Costuras mal tejidas en el “buen vivir”
Dr.
Abraham Gómez R.
Cada cierto tiempo, conforme han ido apocándose las dosis
de credibilidad y confianza, escuchamos con mayor o menor estridencia la
presentación de un renovado plan o
programa para poner “al país en marcha”. De casi todo se ha dicho. Los inflados
e impactantes ofrecimientos han recorrido diversos escenarios. Hoy asoman, como algo extraordinario los
huertos o sembradíos urbanos. Ayer, no hace mucho, la maravilla era lo que nombraban gallineros verticales o producción
organopónica. Ambas ideas de ingrata recordación por estrafalarias. No hace
falta ser muy inteligente para saber que nos encontramos en un profundo atolladero.Que mientras otras
naciones han logrado dejar atrás con suprema audacia las crisis recientemente
confrontadas, y hoy ya están en franca recuperación, aún nosotros estamos
sumergidos en ese piélago de indecisiones y desaciertos. Tal vez la penuria
mayor que nos asfixia como sociedad sea la marcada fractura. Estamos escindidos
en dos mitades hasta ahora irreconciliables. Dejemos a un lado las hipocresías
y empecemos a aceptar esta triste
realidad que nos flagela. Lo que llegamos a pensar sobre nosotros mismos
constituye una parte “tangible” de lo que verdaderamente somos. Admitamos con
humildad el mal que nos aqueja para que a partir de allí encontremos las
alternativas de solución. Vamos a detenernos, con brevedad, en el siguiente
análisis: únicamente con el anuncio y asomo
de los rasgos sobresalientes del plan de “Desarrollo Endógeno” una
inmensa mayoría poblacional ancló sus esperanzas, por cuanto abría la
posibilidad de satisfacer las necesidades
básicas que tenemos apelando a la participación prospectiva de la
comunidad, además con suficiente celos
en el cuidado del medio ambiente. Al tiempo que se echaban las bases para la
implantación de un modelo socio-económico a través del cual los ciudadanos
desplegarían sus propias propuestas y potencialidades.

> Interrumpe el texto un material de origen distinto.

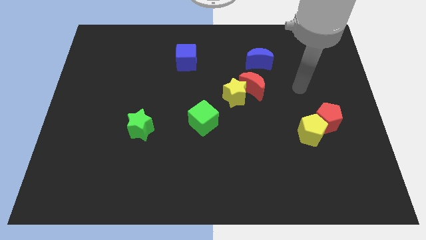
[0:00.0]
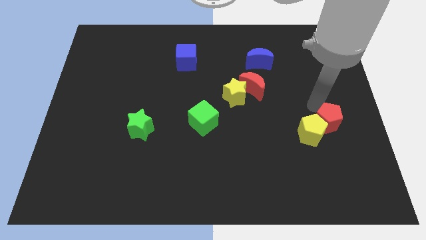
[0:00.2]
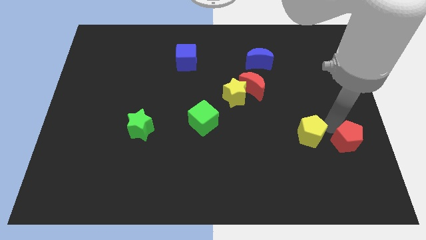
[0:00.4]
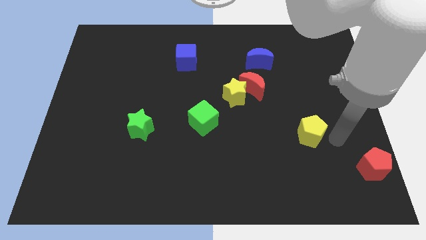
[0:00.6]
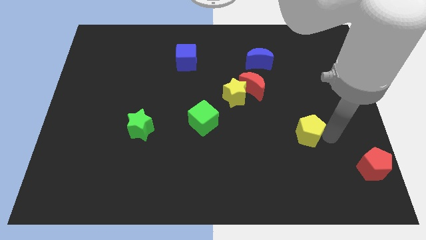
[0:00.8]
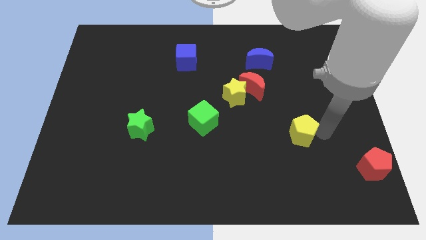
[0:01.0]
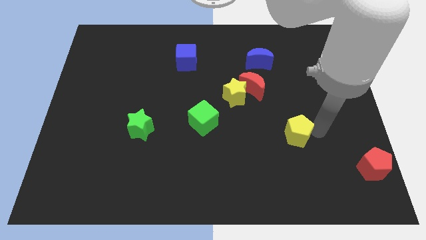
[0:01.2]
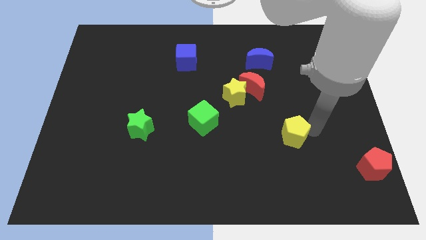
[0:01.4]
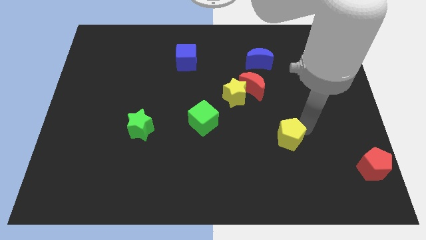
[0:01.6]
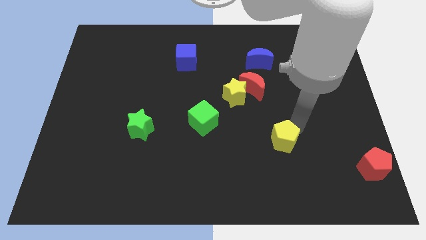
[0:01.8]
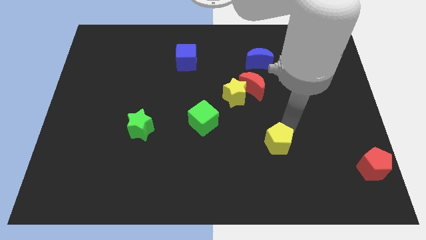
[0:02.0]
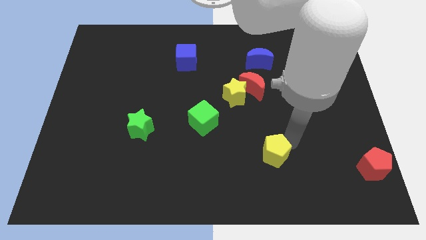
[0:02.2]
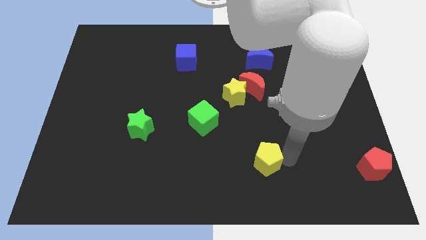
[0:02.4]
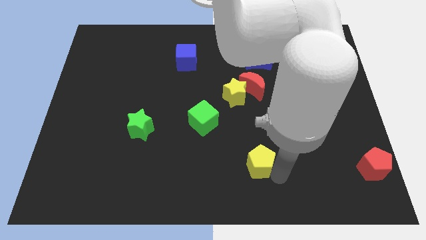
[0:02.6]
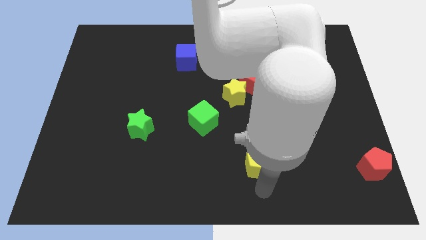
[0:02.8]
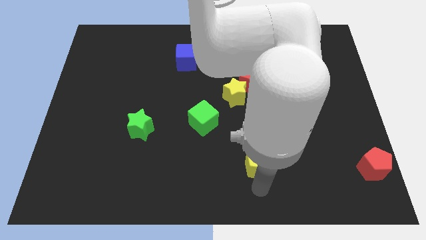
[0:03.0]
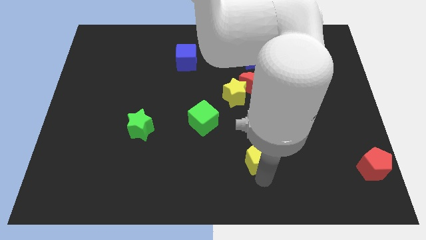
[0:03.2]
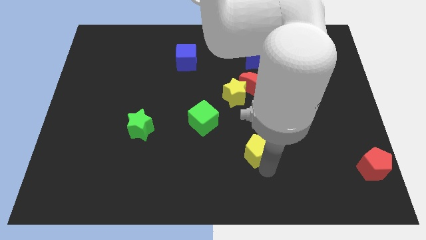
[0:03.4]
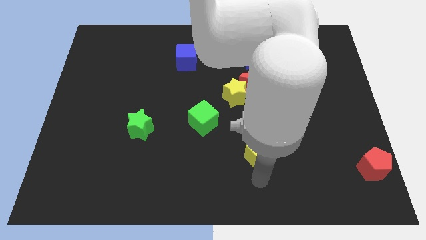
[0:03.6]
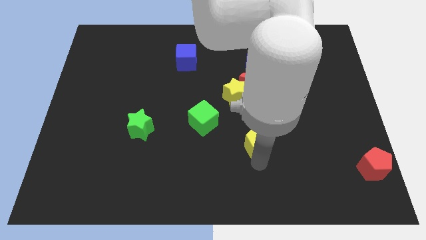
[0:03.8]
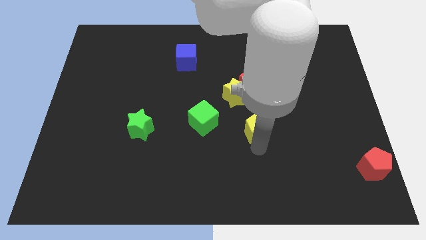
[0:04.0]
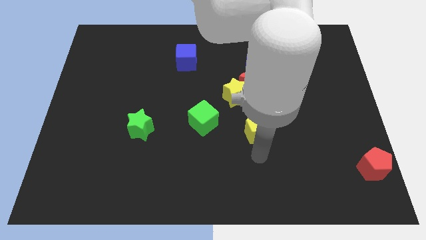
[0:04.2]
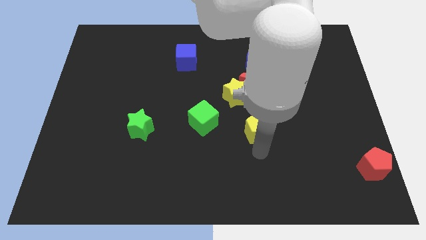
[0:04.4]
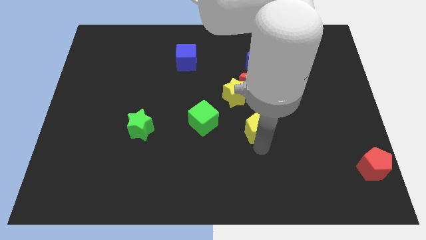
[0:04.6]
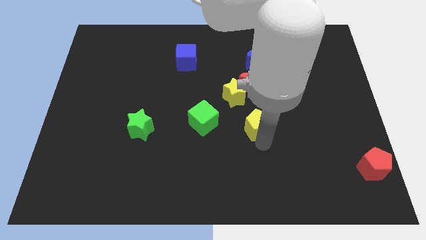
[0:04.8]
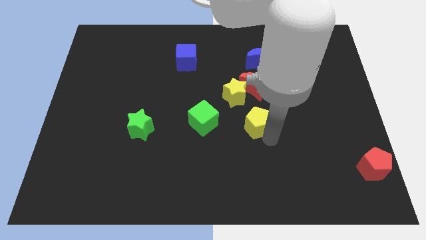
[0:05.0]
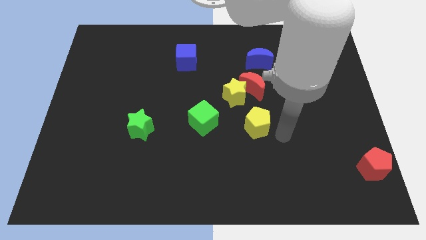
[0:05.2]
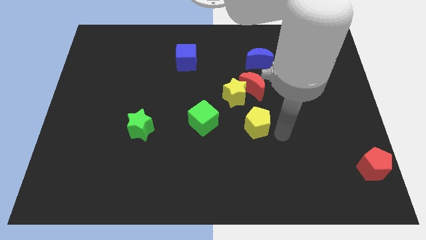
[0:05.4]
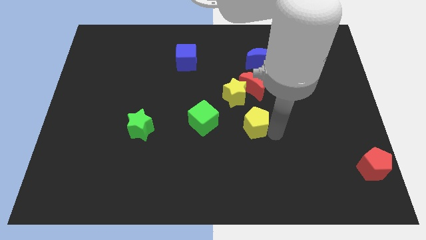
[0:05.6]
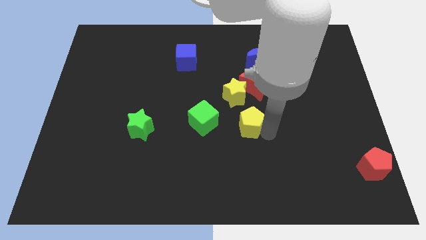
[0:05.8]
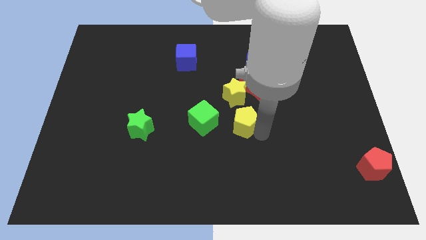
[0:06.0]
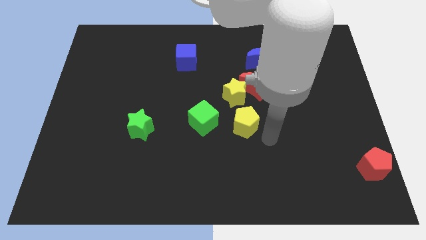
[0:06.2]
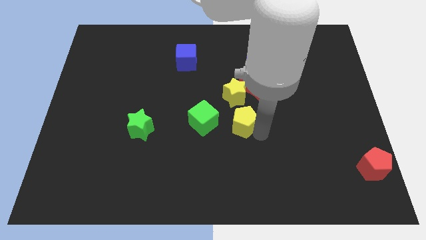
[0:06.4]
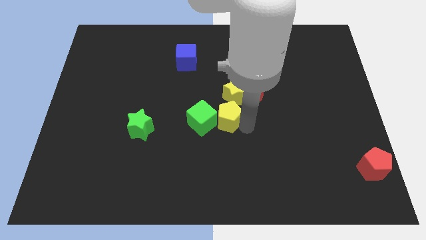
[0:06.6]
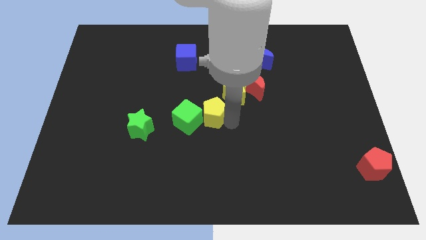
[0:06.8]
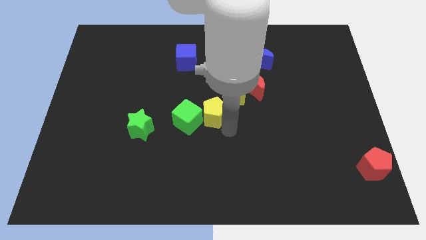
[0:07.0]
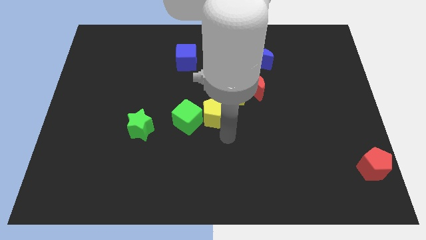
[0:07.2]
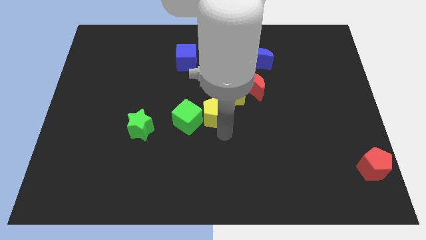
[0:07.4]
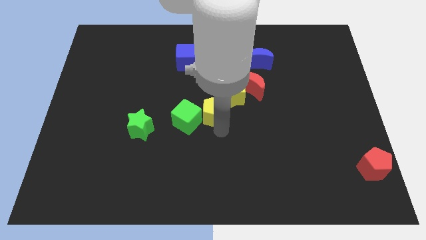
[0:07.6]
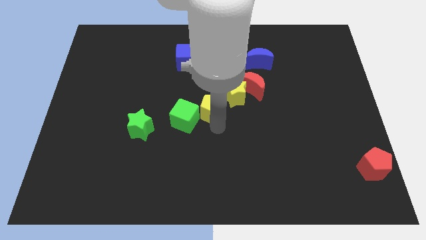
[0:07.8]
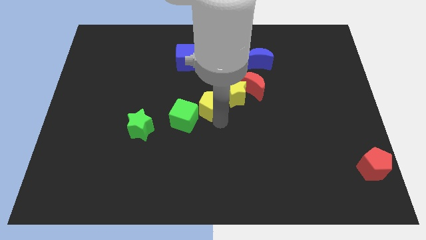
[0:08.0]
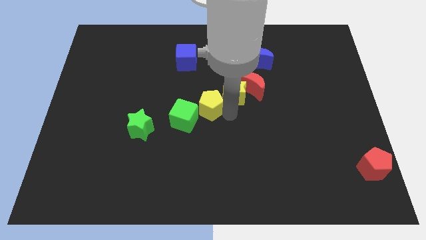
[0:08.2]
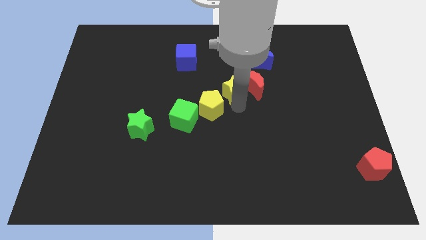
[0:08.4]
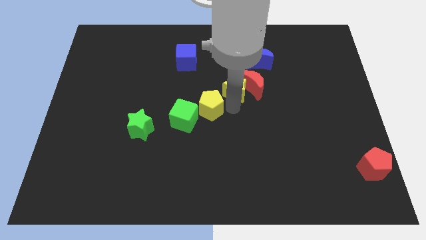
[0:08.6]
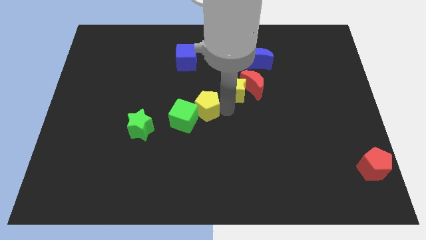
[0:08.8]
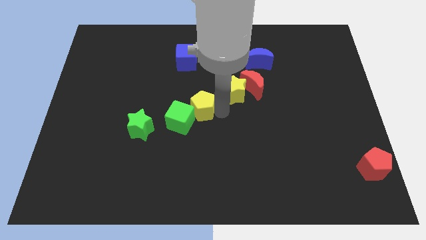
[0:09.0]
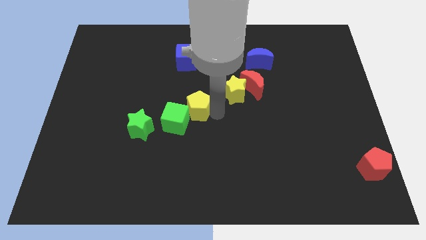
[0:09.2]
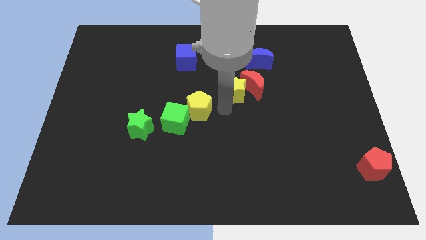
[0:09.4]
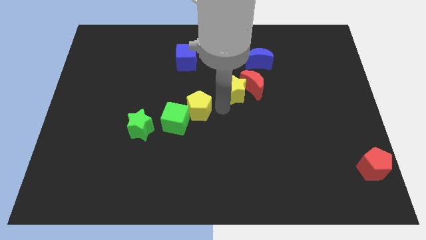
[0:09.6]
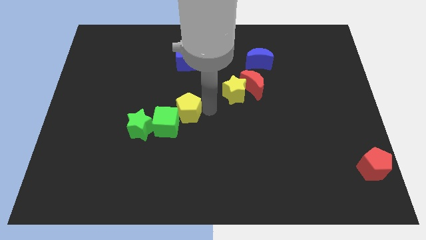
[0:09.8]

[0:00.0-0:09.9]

Con el renombrado
“Desarrollo Endógeno” las metas trascenderían desde lo local-comunal hacia
arriba, en perspectiva del resto del país y del mundo. Desde cuándo hemos
estado escuchando la obligación de “sembrar el petróleo”. Esta pudo haber sido,
entonces, la ocasión para diversificar nuestra economía, estimulada con la
participación autogestionaria y propuestas serias de diferentes formas de
propiedad, de relaciones de producción y de consumo urbano-rural. Augurábamos,
con ese plan nacional nonato, que cada región transformara sus ventajas
comparativas (recursos naturales y ubicación geográfica) en ventajas
competitivas como vía expedita para multiplicar el empleo productivo, el
bienestar social y garantizar la calidad de vida. Bastante desquiciado será
quien se oponga a un desarrollo desde dentro del país. Pero tampoco hay que ser
tan idiotas para no reconocer la frustración y desilusión que atravesamos. Nuestra
estrategia de desarrollo nacional (no hablamos de crecimiento) debe ser mucho más complejo que
crear dispersos núcleos de desarrollo endógenos, por
el mero interés partidario y para el aprovechamiento ideológico. A lo mejor si
dejáramos a un lado los pesados
fardos llenos de mezquindades podemos
hacer conciencia del recurso que nos prodigó la naturaleza, aparejado al talento
humano que concretamos como país en un crisol de posibilidades. Tal vez,
entonces, encontremos la vía que procure entre nosotros la construcción de una
sociedad con ética de sustentabilidad, con sentido de equidad. La humanidad ha
dado lecciones singulares al respecto. Ha habido sociedades que se han logrado
reencauzar con sólo darse el
reconocimiento respetuoso de las diferencias que de modo intrínseco poseen sus ciudadanos.
La comunidad política que persigue en esencia el bien común debe estar basada
en la legitimidad para que prospere la justicia.